Shares of beauty ecommerce startup Nykaa touched a new record low at INR 147.65, falling as much as 3.2% during the intraday trading on the BSE. 

Nykaa’s shares have been falling steeply since last week after its pre-IPO investor Kravis Investment Partners sold shares worth INR 629 Cr via multiple block deals. The shares touched new record lows in all four sessions of the week so far.

Shares of Nykaa fell 7.2% in the last four days, including Thursday. The stock closed today’s session at INR 151.55, down 0.7% compared to the previous close.

Meanwhile, foodtech giant Zomato fell almost 4% to INR 58.95 today on the BSE, while Paytm declined 2% to INR 506.50.

Shares of traveltech startup EaseMyTrip, which have largely remained resilient in the face of all the challenges its tech peers are facing, were also hit in the last two sessions. Shares of EaseMyTrip ended today’s session at INR 51.2, down 3.6% from Wednesday’s close.

It must be noted that the Indian government has sounded alert after four new Covid cases of Omicron subvariant BF.7 were reported in the country. The BF.7 variant is the one responsible for rising Covid cases in China in recent months.

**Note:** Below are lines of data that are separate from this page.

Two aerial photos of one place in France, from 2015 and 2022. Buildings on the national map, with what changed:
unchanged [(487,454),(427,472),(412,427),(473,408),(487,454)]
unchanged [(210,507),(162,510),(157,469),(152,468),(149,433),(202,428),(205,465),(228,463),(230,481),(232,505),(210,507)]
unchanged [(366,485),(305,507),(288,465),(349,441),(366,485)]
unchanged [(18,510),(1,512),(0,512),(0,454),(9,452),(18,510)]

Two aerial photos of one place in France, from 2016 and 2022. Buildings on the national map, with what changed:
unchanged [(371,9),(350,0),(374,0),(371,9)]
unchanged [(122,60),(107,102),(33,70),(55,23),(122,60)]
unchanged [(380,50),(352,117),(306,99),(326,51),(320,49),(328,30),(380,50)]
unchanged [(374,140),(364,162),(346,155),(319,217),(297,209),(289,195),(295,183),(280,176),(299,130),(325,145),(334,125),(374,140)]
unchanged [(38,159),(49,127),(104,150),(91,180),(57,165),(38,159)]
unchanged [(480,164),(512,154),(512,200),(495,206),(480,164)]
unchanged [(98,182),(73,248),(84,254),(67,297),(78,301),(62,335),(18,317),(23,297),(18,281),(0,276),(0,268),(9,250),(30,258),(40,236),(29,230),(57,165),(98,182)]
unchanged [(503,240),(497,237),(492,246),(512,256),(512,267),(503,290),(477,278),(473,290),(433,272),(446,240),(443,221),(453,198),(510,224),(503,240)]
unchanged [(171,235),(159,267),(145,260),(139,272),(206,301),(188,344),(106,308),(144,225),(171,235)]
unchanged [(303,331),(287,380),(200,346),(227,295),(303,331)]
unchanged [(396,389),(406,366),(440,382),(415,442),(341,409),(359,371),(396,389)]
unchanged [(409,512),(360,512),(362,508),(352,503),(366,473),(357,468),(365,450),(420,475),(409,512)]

Ahead of the markets opening today, Prashanth Tapse, research analyst and senior VP (Research) at Mehta Equities, said, “…investors need to be careful of the sharp intraday volatility seen in the last few sessions due to growing uncertainty over rising Covid cases in China and recessionary fears in key economies with more interest rate hikes going ahead further adding to the concerns.” 

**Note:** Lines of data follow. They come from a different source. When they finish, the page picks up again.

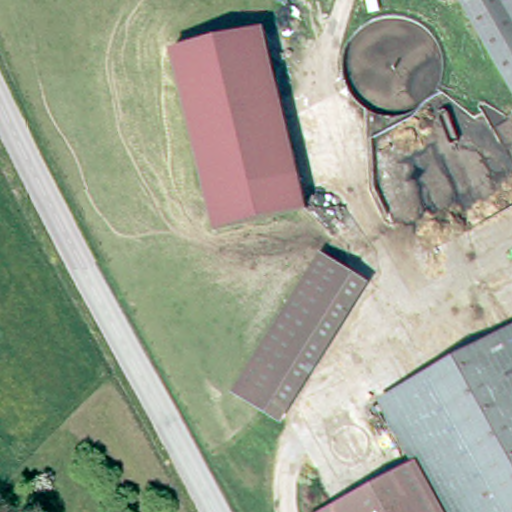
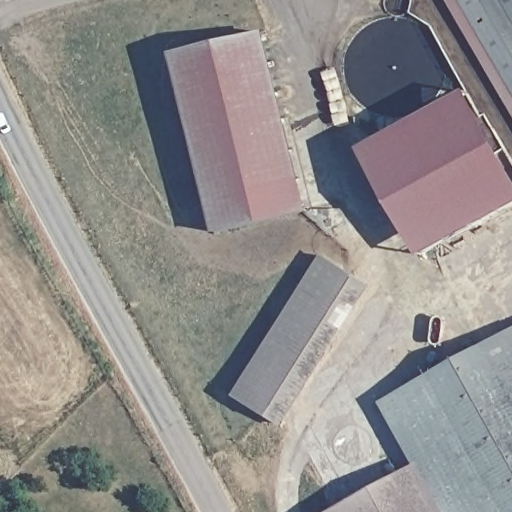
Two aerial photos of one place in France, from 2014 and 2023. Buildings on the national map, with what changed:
unchanged [(512,10),(512,89),(460,0),(506,0),(512,10)]
unchanged [(512,10),(506,0),(512,0),(512,10)]
unchanged [(214,233),(175,57),(265,37),(305,213),(214,233)]
new [(512,160),(512,206),(426,254),(368,149),(473,90),(512,160)]
unchanged [(271,414),(242,396),(310,283),(326,256),(342,266),(356,275),(271,414)]
unchanged [(373,285),(287,424),(271,414),(356,275),(373,285)]
unchanged [(512,329),(512,512),(442,512),(415,462),(381,401),(512,329)]
unchanged [(442,512),(418,512),(396,473),(415,462),(442,512)]
unchanged [(418,512),(327,512),(396,473),(418,512)]

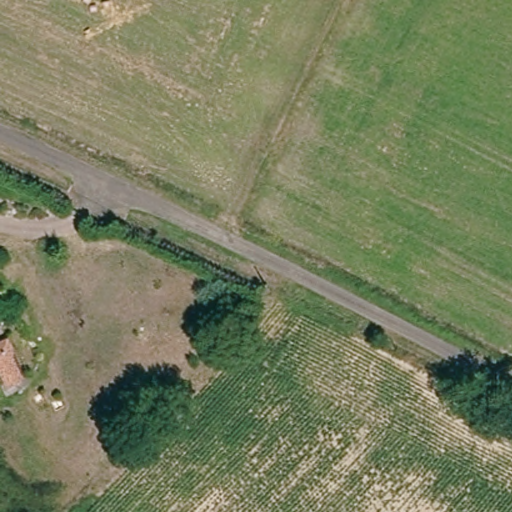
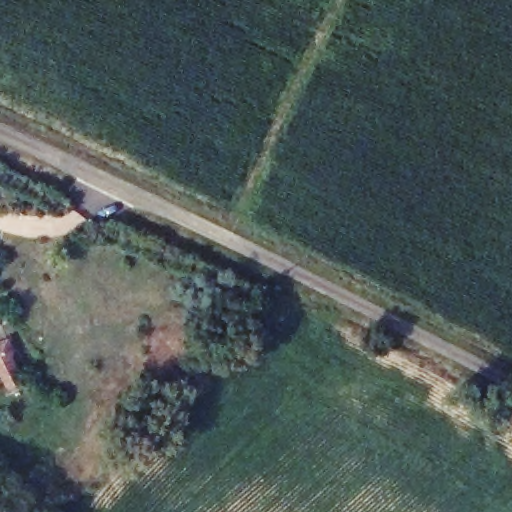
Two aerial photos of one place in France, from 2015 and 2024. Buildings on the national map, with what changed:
unchanged [(0,391),(0,348),(16,341),(32,377),(0,391)]

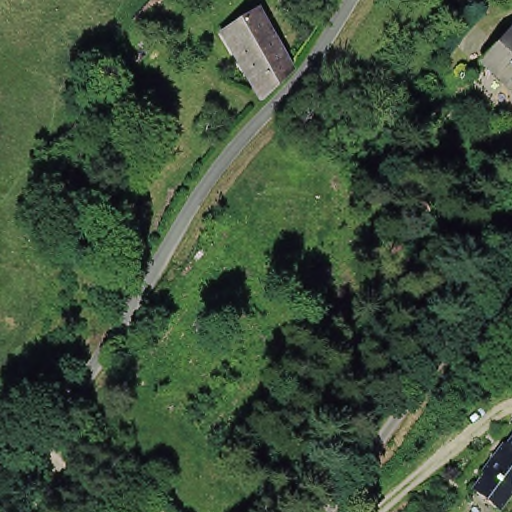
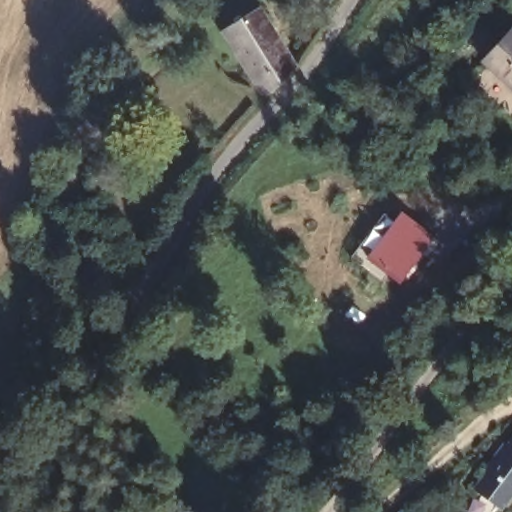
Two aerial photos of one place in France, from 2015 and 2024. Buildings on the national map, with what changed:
unchanged [(296,66),(260,95),(220,32),(256,7),(296,66)]
unchanged [(483,60),(512,29),(512,87),(483,60)]
new [(403,213),(433,235),(432,237),(438,241),(426,257),(420,253),(398,282),(368,259),(403,213)]
unchanged [(508,512),(481,491),(490,479),(487,477),(502,456),(505,457),(512,448),(512,507),(508,512)]

Tapse also said that other factors like rising oil prices and the dollar gaining strength could dampen market sentiment.

Much in line with the fears, both the benchmark indices Nifty50 and Sensex ended today’s session in the red zone as all the sectors came under pressure, with major selling witnessed in the auto, metals, and realty sectors.

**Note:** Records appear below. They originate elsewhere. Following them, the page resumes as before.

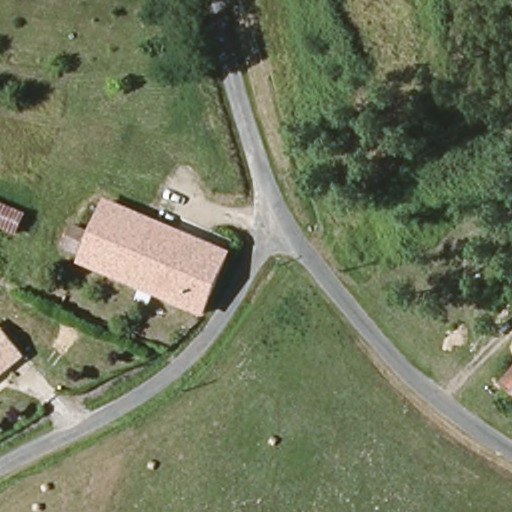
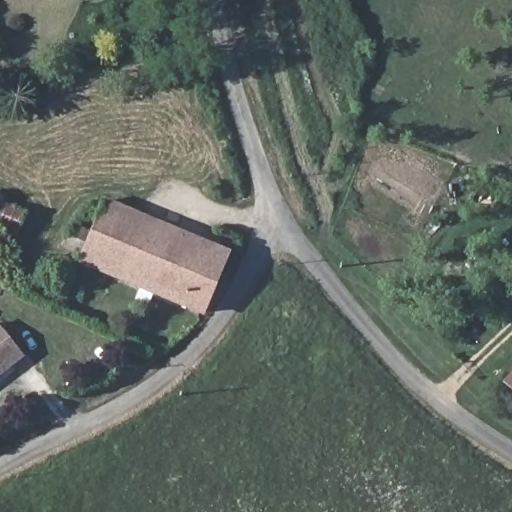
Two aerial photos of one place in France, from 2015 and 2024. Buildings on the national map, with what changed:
unchanged [(146,289),(85,263),(86,257),(71,251),(80,229),(97,237),(111,206),(232,257),(206,315),(159,295),(156,303),(141,297),(146,289)]
unchanged [(19,217),(11,236),(0,231),(0,208),(19,217)]
unchanged [(22,351),(0,370),(0,324),(22,351)]
unchanged [(80,332),(69,355),(55,347),(66,325),(80,332)]
unchanged [(512,383),(512,394),(507,389),(512,383)]

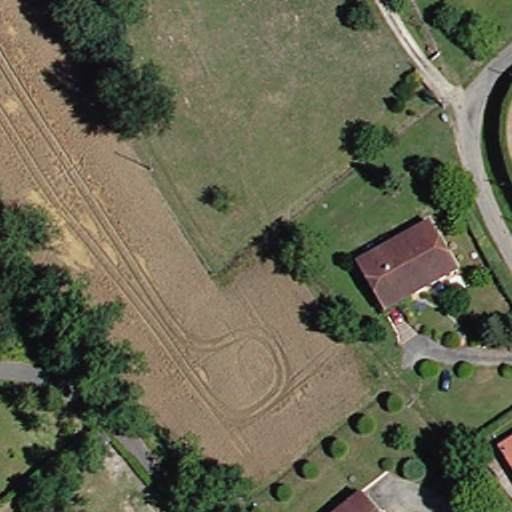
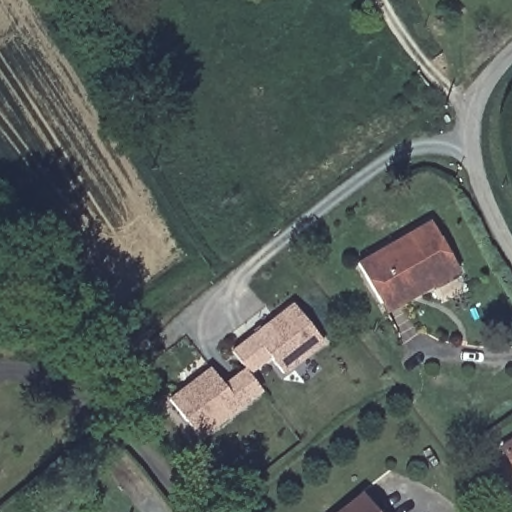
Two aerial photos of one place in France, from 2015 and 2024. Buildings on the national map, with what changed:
unchanged [(387,305),(360,265),(432,219),(464,268),(425,293),(393,314),(387,305)]
new [(239,377),(247,372),(234,353),(242,347),(255,336),(295,305),(324,342),(284,374),(271,357),(258,367),(249,374),(262,390),(254,397),(241,407),(202,438),(173,402),(213,371),(225,386),(239,377)]
unchanged [(503,446),(512,440),(512,463),(503,446)]
unchanged [(378,512),(341,512),(364,495),(378,512)]

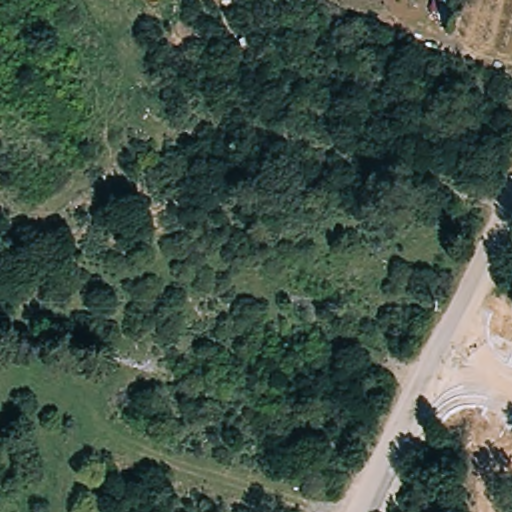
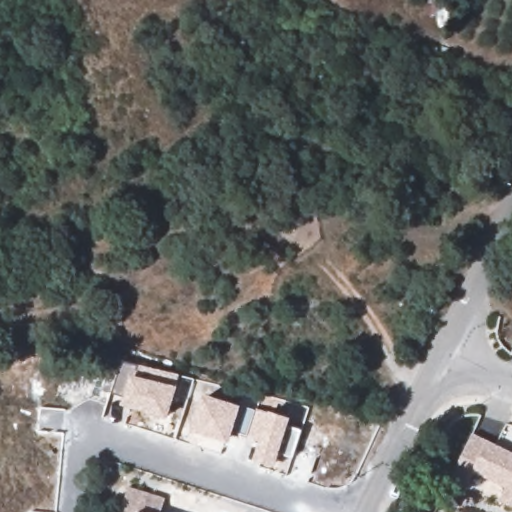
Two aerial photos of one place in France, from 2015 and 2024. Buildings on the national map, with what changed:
new [(180,375),(177,387),(179,387),(168,420),(122,407),(125,397),(113,394),(123,362),(180,375)]
new [(242,407),(257,411),(257,410),(270,414),(270,412),(292,419),(290,427),(303,431),(293,457),(281,453),(277,467),(255,460),(260,443),(249,439),(250,435),(235,432),(230,443),(192,432),(205,395),(242,407)]
new [(485,414),(512,428),(512,465),(484,450),(477,463),(476,462),(463,455),(485,414)]
new [(510,481),(512,477),(512,482),(510,481)]
new [(169,498),(164,512),(123,512),(132,486),(169,498)]

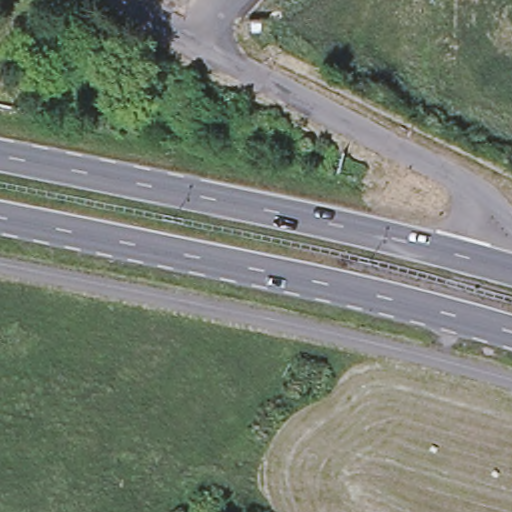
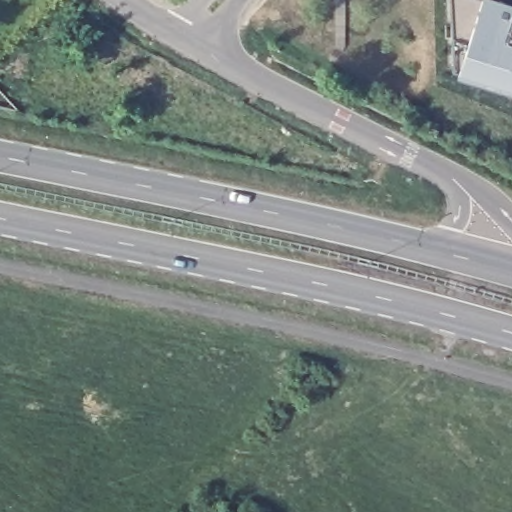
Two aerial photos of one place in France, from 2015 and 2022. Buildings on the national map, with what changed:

Both Nifty50 and Sensex fell about 0.4% to 18,127.35 and 60,826.22, respectively, on Thursday.

“Market is likely to remain volatile given the uncertain environment and rising Covid cases globally. Even on the domestic front, the government has started taking precautionary measures to control the pandemic at the initial stage. This has led to cautiousness among investors,” said Siddhartha Khemka, head of retail research at Motilal Oswal.

“We advise traders to keep positions light in view of increasing volatility and trade with strict stop loss,” Khemka added.